LCT compromise on the cards as sales plummet

BY DAVID HASSALL | 2nd Sep 2008


THE federal government’s controversial proposed luxury car tax increase is riding on a knife-edge tonight, just hours before official sales figures are expected to reveal a further downturn in the Australian new-car market in August.

Key senators are negotiating with the government and today even keen Canberra observers were not prepared to predict which way the debate will go, with a vote expected to take place tomorrow (Wednesday) or Thursday.

VFACTS data for August to be published tomorrow morning are expected to show an overall decline in the market and an especially depressing result for the luxury car segment, which one industry insider described as “disastrous”.

The figures will put even more pressure on the government to soften its proposed tax hike (from 25 per cent to 33 per cent) before being put to the vote in the Senate, where two independent senators and five Greens hold the balance of power.

Crucially, the Coalition announced on Thursday that it will oppose the legislation, so the government requires the support of all of the other seven senators to pass the new LCT, which was controversially announced in the May federal budget without any warning or industry consultation.

Coalition senators last week slammed the government move, saying it is “based on naked class warfare and the politics of envy”.

But the critical votes are in the hands of the Greens and independents Nick Xenophon and Steve Fielding – any one of which can scupper the legislation or force amendments.

Although Senator Fielding has not revealed his position on the issue, Senator Xenophon and the Greens have expressed concerns about the LCT and indicated that modifications may be required to pass the legislation.

Greens leader Bob Brown said he would try to get the bill redrafted so that it focused on “gas guzzlers”.



Left: Shadow industry minister Eric Abetz, Greens leader Bob Brown and Senator Xenophon (in his 2007 election campaign).

“We want the bill made climate-friendly,” said Senator Brown told ABC Radio at the end of last week. “If you’re going to tax people, tax the gas-guzzlers, that’s what it comes down to.

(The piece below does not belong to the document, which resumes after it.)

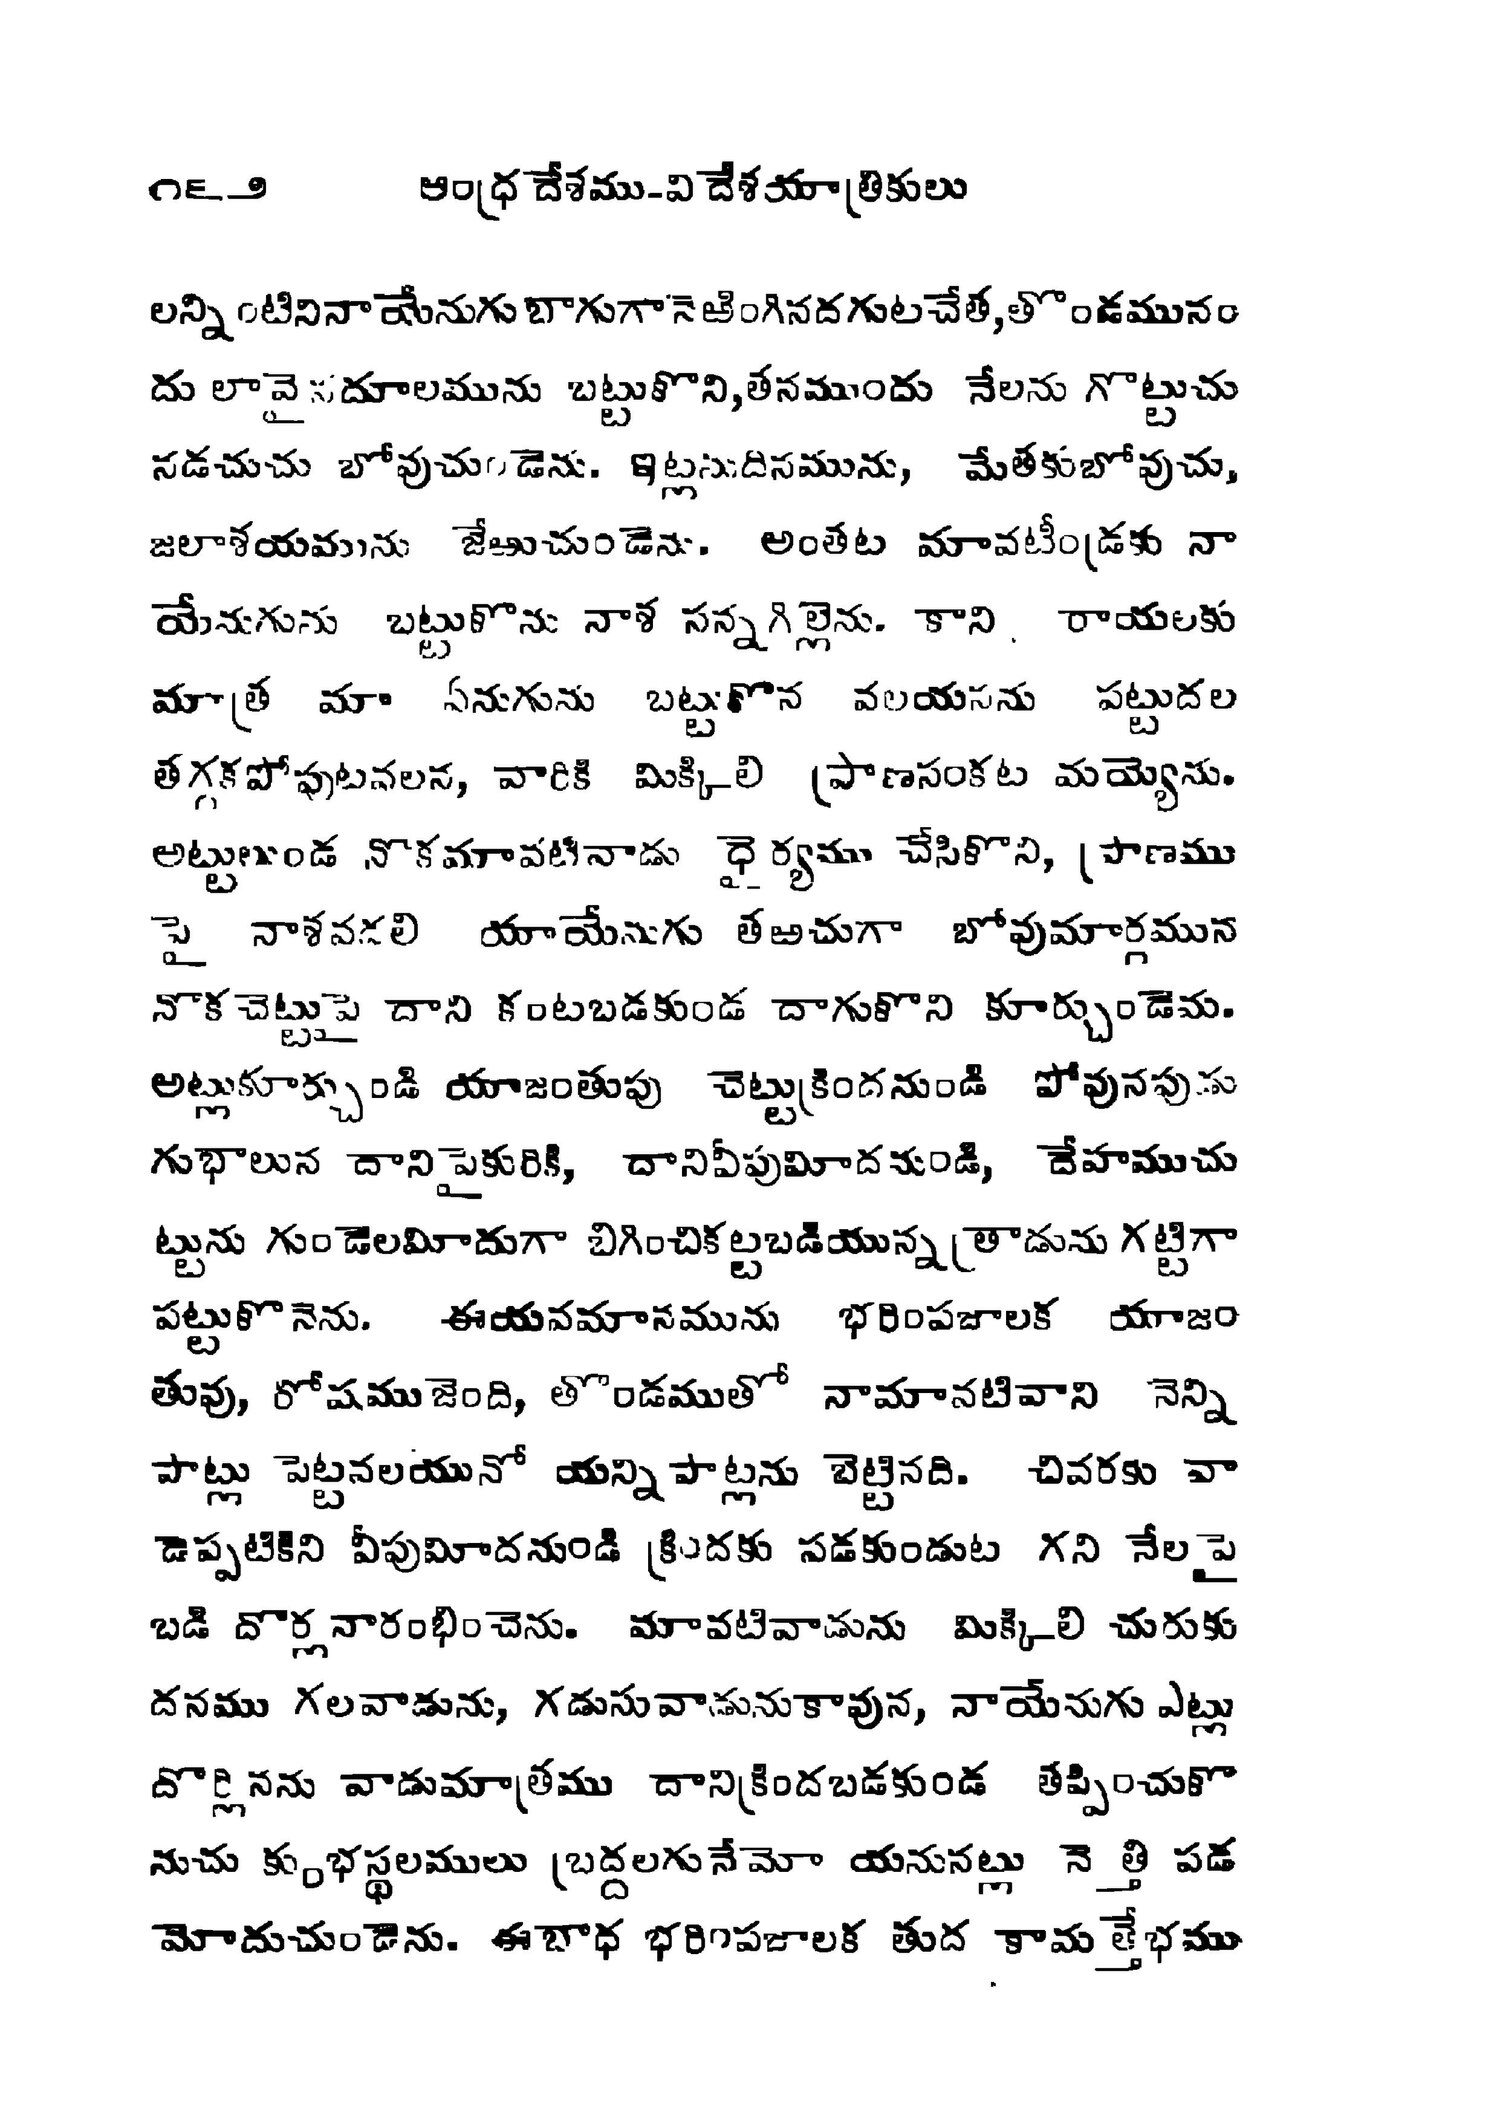లన్నింటినినాయేనుగు బాగుగానెఱింగిన దగుటచేత, తొండమునందు లావైన దూలమును బట్టుకొని, తనముందు నేలను గొట్టుచు నడచుచు బోవుచుండెను. ఇట్లనుదినమును, మేతకు బోవుచు, జలాశయమును జేఱుచుండెను. అంతట మావటీండ్రకు నా యేనుగును బట్టుకొను నాశ సన్నగిల్లెను. కాని రాయలకు మాత్ర మా ఏనుగును బట్టుకొన వలయనను పట్టుదల తగ్గకపోవుట వలన, వారికి మిక్కిలి ప్రాణసంకట మయ్యెను. అట్టులుండ నొకమావటివాడు ధైర్యము చేసికొని, ప్రాణముపై నాశవదలి యాయేనుగు తఱచుగా బోవుమార్గమున నొకచెట్టుపై దాని కంటబడకుండ దాగుకొని కూర్చుండెను. అట్లుకూర్చుండి యాజంతువు చెట్టుక్రింద నుండి, పోవునపుడు గుభాలున దానిపై కురికి, దానివీపు మీదనుండి, దేహము చుట్టును గుండెల మీదుగా బిగించికట్టబడియున్నత్రాడును గట్టిగాపట్టు కొనెను. ఈయవమానమును భరింపజాలక యాజంతువు, రోషము జెంది, తొండముతో నామావటివాని నెన్నిపాట్లు పెట్టవలయునో యన్నిపాట్లను బెట్టినది. చివరకు వాడెప్పటికిని వీపు మీదనుండి క్రిందకు పడకుండుట గని నేలపైబడి దొర్లనారంభించెను. మావటివాడును మిక్కిలి చురుకు దనము గలవాడును, గడుసు వాడును కావున, నాయేనుగు ఎట్లుదొర్లినను వాడుమాత్రము దానిక్రింద బడకుండ తప్పించు కొనుచు కుంభస్థలములు బ్రద్దలగునేమో యనునట్లు నెత్తి పడ మోదుచుండెను. ఈబాధ భరింపజాలక తుద కామత్తేభము

“Barring any talks in the meantime, (Greens Senator) Christine Milne will be moving in the Senate to have the government withdraw the bill and redraft it to make it climate-friendly.” The Greens appear to have embraced a recent Mercedes-Benz proposal, with Senator Milne proposing that the government phase out the LCT and instead introduce a carbon tax on all vehicles to encourage fuel efficiency.

“The Government needs to be consistent if it wants to be a leader on climate change, if it wants to reduce dependence on foreign oil,” said Senator Milne.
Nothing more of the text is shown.